Balfour Beatty shares plunge 15% after forecast profits dive by £75m

This article is more than 9 years old
KPMG instructed to investigate after internal reviews at troubled construction firm unearth extra losses and write-downs

Shares in Balfour Beatty plunged by 15% as the infrastructure group issued its fifth profit warning in less than two years following the discovery of a £75m shortfall at its UK construction services business.

Balfour’s executive chairman, Steve Marshall, is also stepping down. The group has brought in KPMG to conduct a review of the construction services business. The accountants will analyse commercial controls, contract value forecasting and project-level reporting for contracts at the division. KPMG’s review follows an internal inquiry last year that found overruns and overspends.

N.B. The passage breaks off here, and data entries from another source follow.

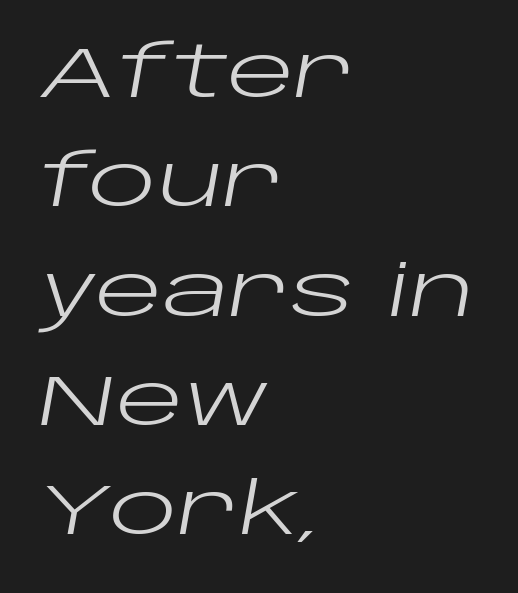
{"italic": "yes", "lean": "right", "slant_degrees": 10, "bold": "no", "weight": "regular", "width": "wide", "stroke_contrast": "low", "x_height": "large", "monospaced": "no", "underline": "no", "align": "left", "line_spacing": "normal", "line_spacing_ratio": 1.54, "letter_spacing": "normal", "letter_spacing_em": 0.0, "glyph_px": 71}
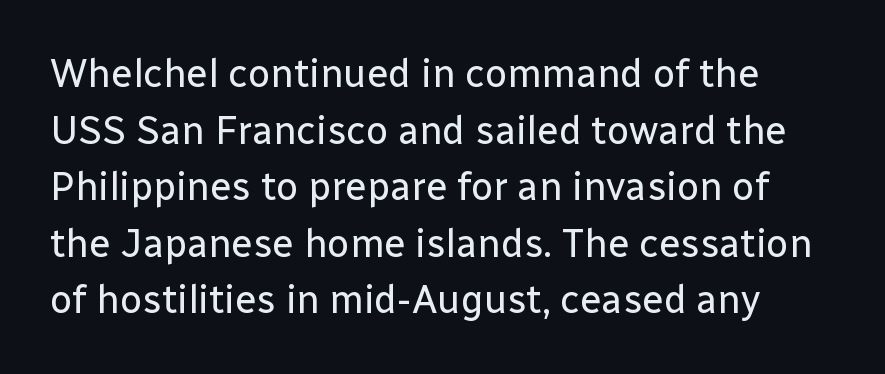
The image shows 39 px regular-weight sans-serif type, upright; set normal line spacing (1.45x), normal letter spacing, not underlined; low stroke contrast and a medium x-height.
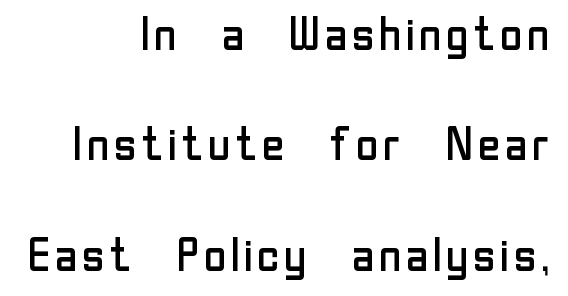
Nope, no serifs anywhere on these letters. Proportional: the letters do not fall into vertical columns. You could call the tracking neutral — neither tight nor loose. Letters rest on an invisible, unmarked baseline. The passage shown stacks its lines with a broad gap. Counters stay open thanks to moderate or lighter strokes.
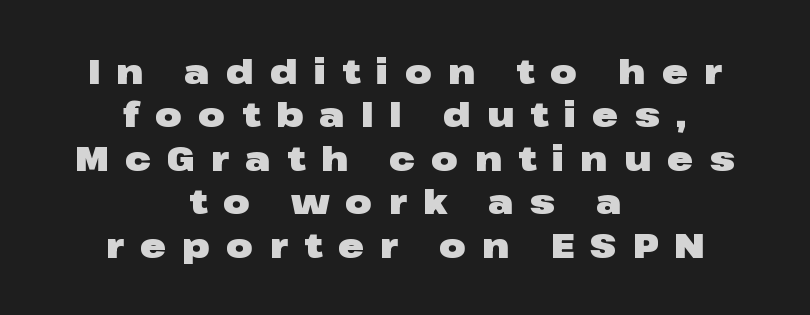
{"serif": "no", "italic": "no", "bold": "yes", "weight": "heavy", "width": "wide", "stroke_contrast": "low", "x_height": "medium", "monospaced": "no", "underline": "no", "align": "center", "line_spacing_ratio": 1.24, "letter_spacing": "wide", "letter_spacing_em": 0.46, "glyph_px": 35}
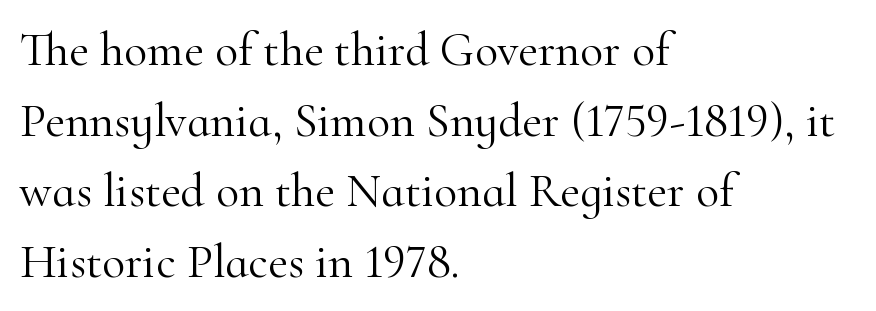
Q: Is the text bold? A: No.
Q: Is the text italic (slanted)? A: No, it is upright.
Q: Is the typeface a serif or a sans-serif typeface? A: Serif.
Q: Is the text underlined? A: No.
Q: How is the paragraph aligned? A: Left-aligned.
Q: Is the spacing between letters normal or unusually wide? A: Normal.
Q: Is the spacing between lines tight, normal or loose? A: Normal.
Q: Width (condensed, normal, or wide)? A: Normal.
Q: Stroke contrast? A: High.
Q: x-height? A: Small.
Q: Monospaced? A: No.
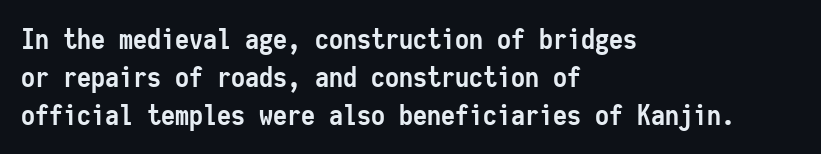
{"serif": "no", "italic": "no", "bold": "yes", "weight": "semibold", "width": "condensed", "stroke_contrast": "low", "x_height": "medium", "monospaced": "yes", "underline": "no", "align": "left", "line_spacing": "normal", "line_spacing_ratio": 1.35, "letter_spacing": "normal", "letter_spacing_em": 0.0, "glyph_px": 28}
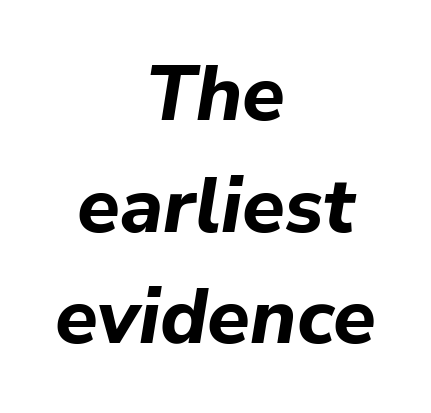
Q: Is the text bold? A: Yes.
Q: Is the text italic (slanted)? A: Yes, it leans right by about 9 degrees.
Q: Is the text underlined? A: No.
Q: How is the paragraph aligned? A: Centered.
Q: Is the spacing between letters normal or unusually wide? A: Normal.
Q: Is the spacing between lines tight, normal or loose? A: Normal.
Q: Width (condensed, normal, or wide)? A: Normal.
Q: Stroke contrast? A: Low.
Q: x-height? A: Medium.
Q: Monospaced? A: No.
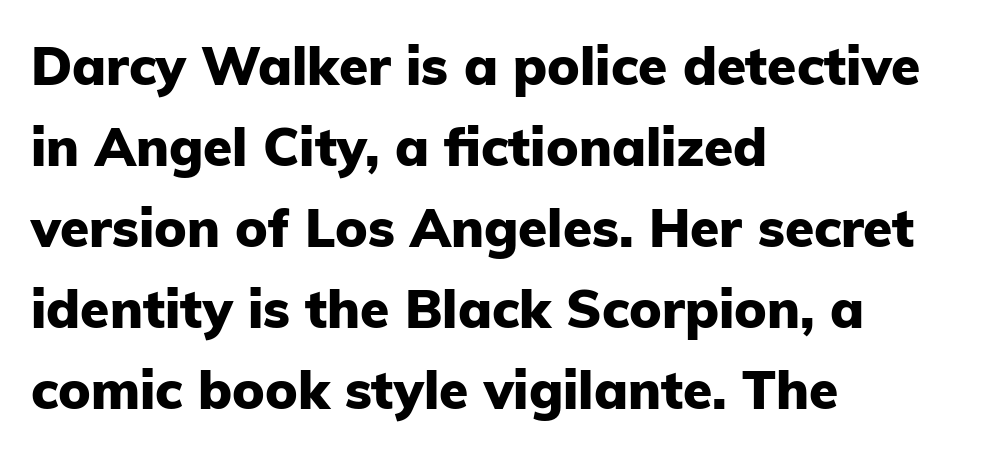
{"serif": "no", "italic": "no", "bold": "yes", "weight": "heavy", "width": "normal", "stroke_contrast": "low", "x_height": "medium", "monospaced": "no", "underline": "no", "align": "left", "line_spacing": "normal", "line_spacing_ratio": 1.53, "letter_spacing": "normal", "letter_spacing_em": 0.0, "glyph_px": 53}

Internal reviews over the last few days found extra losses and write-downs at the UK construction operation. Projects in London make up £50m of the shortfall. Major UK projects carried out by Balfour Beatty include building the aquatics centre for London 2012 and transforming the Olympic stadium in the wake of the games.

Balfour’s shares closed down 15%, or 34.4p, at 190.5p.

Marshall said a new chief executive would be appointed within weeks and that he will leave when a new non-executive chairman is found. He took over at the company when Andrew McNaughton quit as chief executive in May following the first of three profit warnings this year.

Marshall said: “The company has had a series of surprises and it has been surprised itself. We have all been surprised by what has happened at this business. I and the board judge that the right thing to do to give [the board] the assurance it needs and, frankly, to give investors the assurance they need is to have an independent review.”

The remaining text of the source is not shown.